Após a morte de Wittgenstein em 1951, Anscombe dedicou muitos anos de energia a trazer à luz o legado filosófico do seu mestre, escrito na sua maior parte em alemão. Em particular, deve ser feita menção à sua prodigiosa tradução para inglês de Wittgenstein's Pesquisa filosófica.

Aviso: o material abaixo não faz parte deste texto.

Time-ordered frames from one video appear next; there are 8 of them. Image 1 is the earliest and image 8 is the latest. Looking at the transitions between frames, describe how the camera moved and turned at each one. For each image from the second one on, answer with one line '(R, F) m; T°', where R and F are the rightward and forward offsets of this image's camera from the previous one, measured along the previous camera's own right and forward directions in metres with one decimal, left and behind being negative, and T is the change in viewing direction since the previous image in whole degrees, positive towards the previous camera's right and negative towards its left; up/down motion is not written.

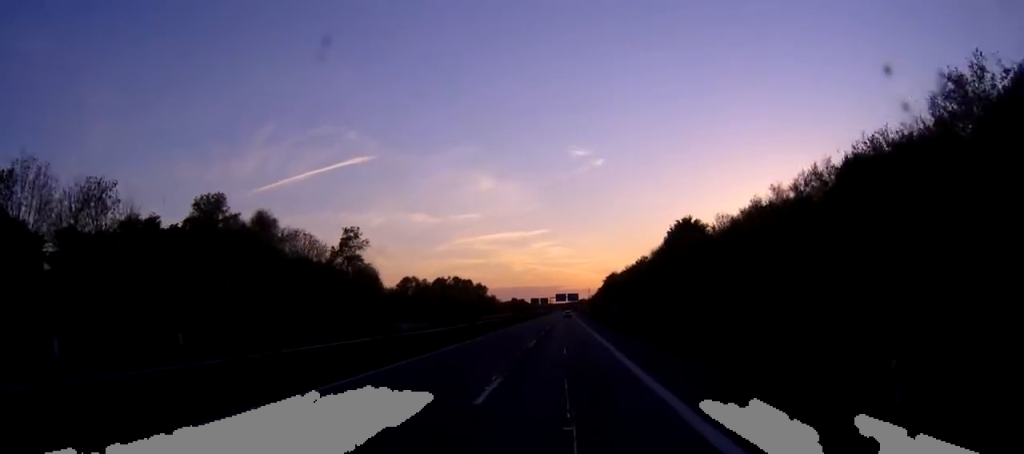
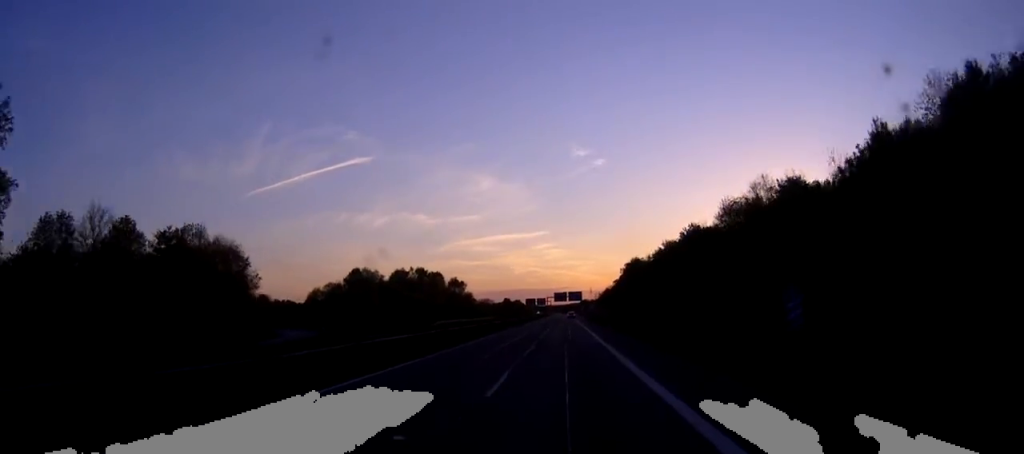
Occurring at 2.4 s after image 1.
(0.0, +69.8) m; 0°
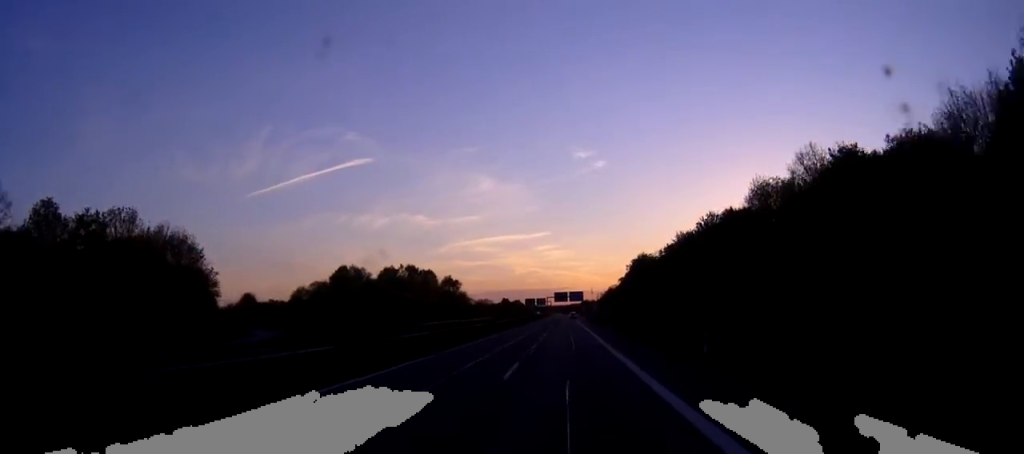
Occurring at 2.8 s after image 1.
(0.0, +13.8) m; 0°
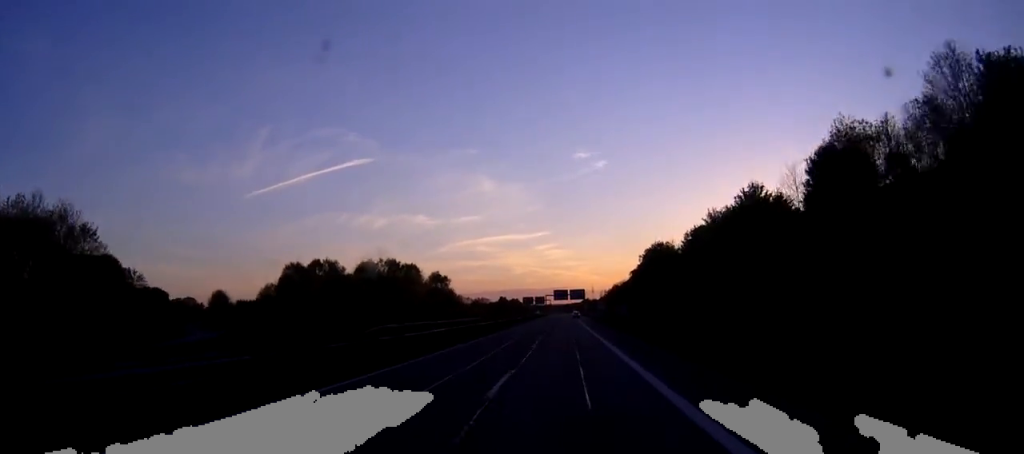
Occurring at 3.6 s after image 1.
(0.0, +22.6) m; 0°
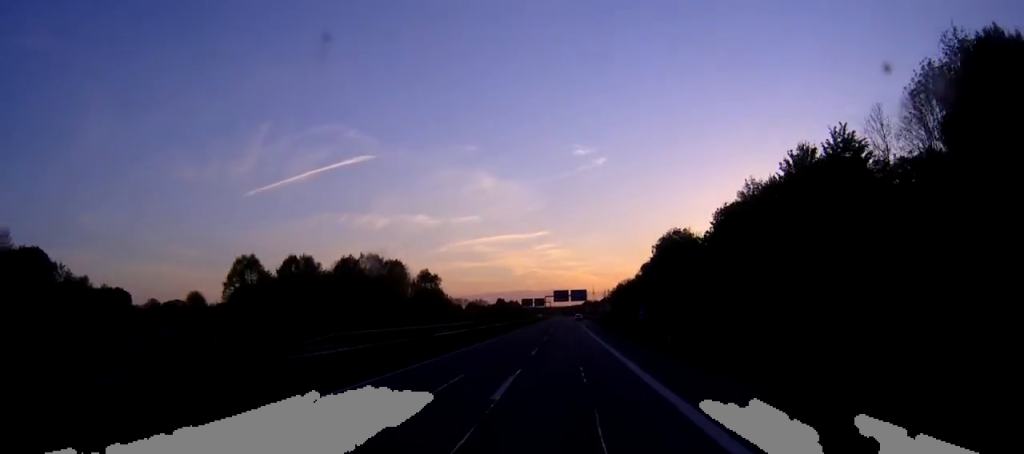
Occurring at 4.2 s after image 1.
(0.0, +16.7) m; 0°
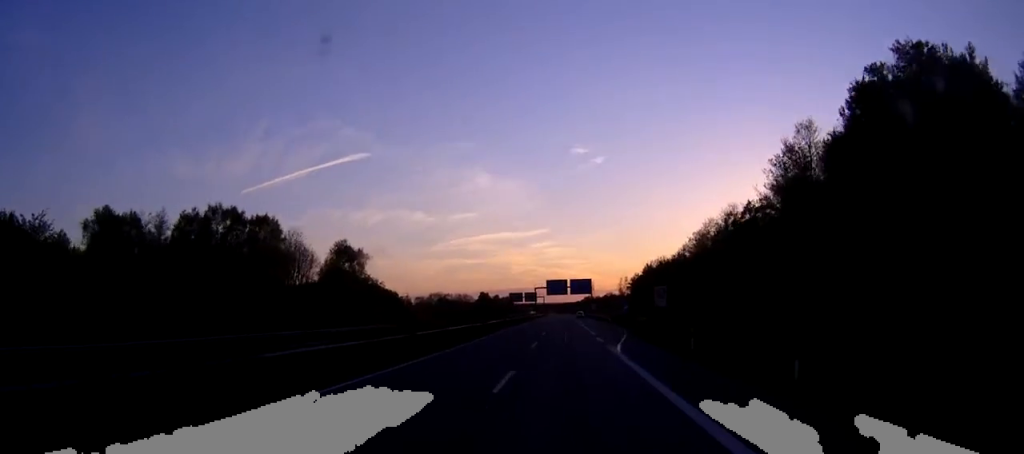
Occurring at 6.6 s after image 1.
(+0.2, +70.9) m; 0°
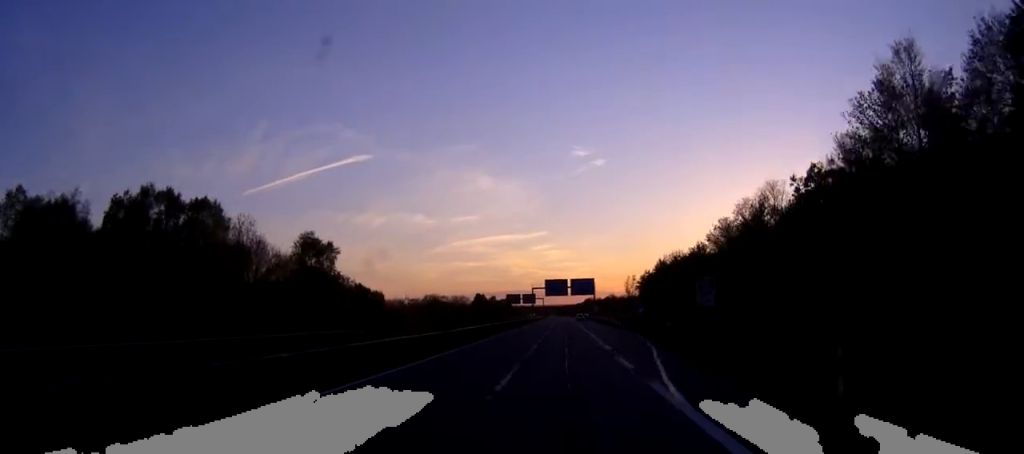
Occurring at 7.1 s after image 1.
(0.0, +16.7) m; 0°
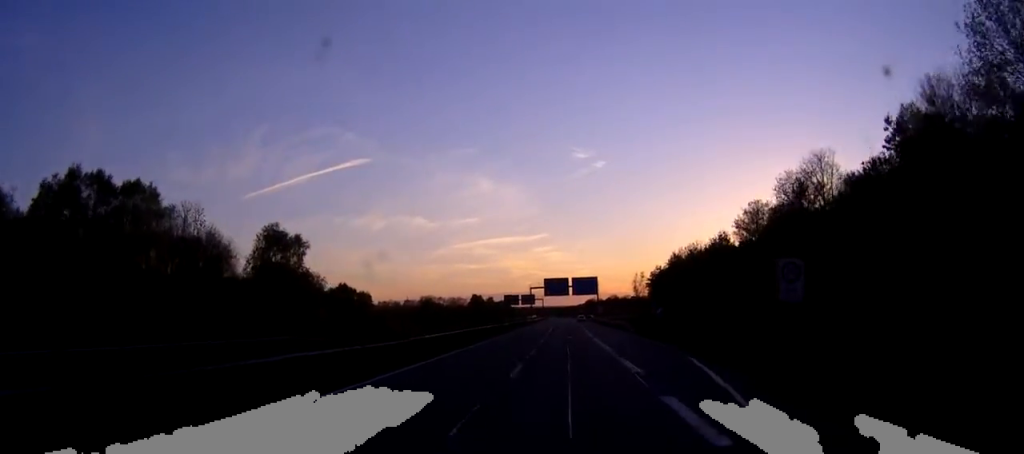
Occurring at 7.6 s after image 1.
(0.0, +13.8) m; 0°

Além da sua obra como executora literária de Wittgenstein, Elizabeth Anscombe será lembrada entre os filósofos pelo seu livro de 1957 Intençãoque é considerado o documento fundador da filosofia de acção contemporânea, a sua monografia de 1959 Uma Introdução ao Tractatus de Wittgensteinno qual estuda magistralmente o primeiro livro de Wittgenstein, e por muitos dos artigos compilados nos seus três volumes de Recolha de Documentos Filosóficos 1981, o que teve um impacto singular na comunidade filosófica.

De todos estes trabalhos, gosto particularmente de recordar o seu artigo Sobre a transubstanciação (1974) que, com grande afecto e trabalho árduo, o meu bom amigo Jorge Vicente e eu traduzimos para publicação na revista Scripta Theologica (1992). Esse trabalho foi posteriormente compilado no volume Filosofia analítica e espiritualidade humanaque José María Torralba e eu iríamos editar em 2005.

Elizabeth Anscombe foi sempre uma pensadora original, animada e muitas vezes contra a maré da maioria ou contra o expediente político. Por exemplo, quando a Universidade de Oxford se propôs a conferir o doutoramento. honoris causa O Presidente americano Harry S. Truman, ele e dois outros colegas opuseram-se fortemente devido à responsabilidade de Truman pelo lançamento das bombas atómicas sobre Hiroshima e Nagasaki. "Para os homens a escolha de matar os inocentes como meio de atingir os seus fins é sempre assassínio".Anscombe argumentou fortemente a este respeito. Do mesmo modo, em muitas ocasiões escreveu corajosa e brilhantemente sobre sexualidade, parto, protecção dos nascituros e muitas outras questões actuais, chocando muitos colegas mais conscientes da moda.

O Professor Anscombe viajou muito, dando aulas e palestras em muitos países europeus e americanos. Em Espanha, foi uma visitante frequente durante os anos 70 e 80 na Universidade de Navarra, o que lhe conferiu o grau de Doutor em Filosofia. honoris causa em Janeiro de 1989. Professor Alejandro Llano no seu laudatio ele disse dela: "O seu estilo é belo e implacável, caracterizado pela capacidade de fazer perguntas invulgares e de as responder com tanto requinte como rigor. A ironia socrática está mais uma vez presente na origem de uma filosofia cujo campo de acção já não é um sótão cheio de preconceitos e hábitos, mas o ar livre de incitar enigmas. Quando Elizabeth Anscombe discute Descartes ou Hume, quando interpreta Aristóteles ou São Tomás, o que ela faz é olhar com eles para uma realidade sempre nova e surpreendente. E os seus leitores ficam com a íntima convicção de que ela tem conseguido ver mais".. Naquela ocasião solene Anscombe explicou:"A Universidade de Navarra está dedicada na sua busca da verdade ao serviço de Deus. Que Deus é verdade é algo que hoje em dia não é reconhecido em todo o lado, nem mesmo em muitos lugares, mas este reconhecimento está constantemente implícito aqui na Faculdade de Filosofia. É por isso que estou muito grato por ser contado como um colega nesta Faculdade"..

A vida do Professor Anscombe, cheia de realizações académicas, está também cheia de anedotas divertidas. No seu obituário em O GuardiãoJane O'Grady recordou como, numa ocasião em Chicago, quando foi assaltada na rua por um ladrão, ela repreendeu-o, dizendo que isto não era maneira de tratar um visitante. Começaram imediatamente a falar e o assaltante acompanhou-a de volta ao seu hotel, repreendendo-a por conduzir através de uma parte tão perigosa da cidade. A anedota é muito significativa, e mostra não só o bom coração de uma filósofa, mas também a sua convicção - de filiação Wittgensteiniana - na capacidade das palavras para alcançar a verdadeira comunicação.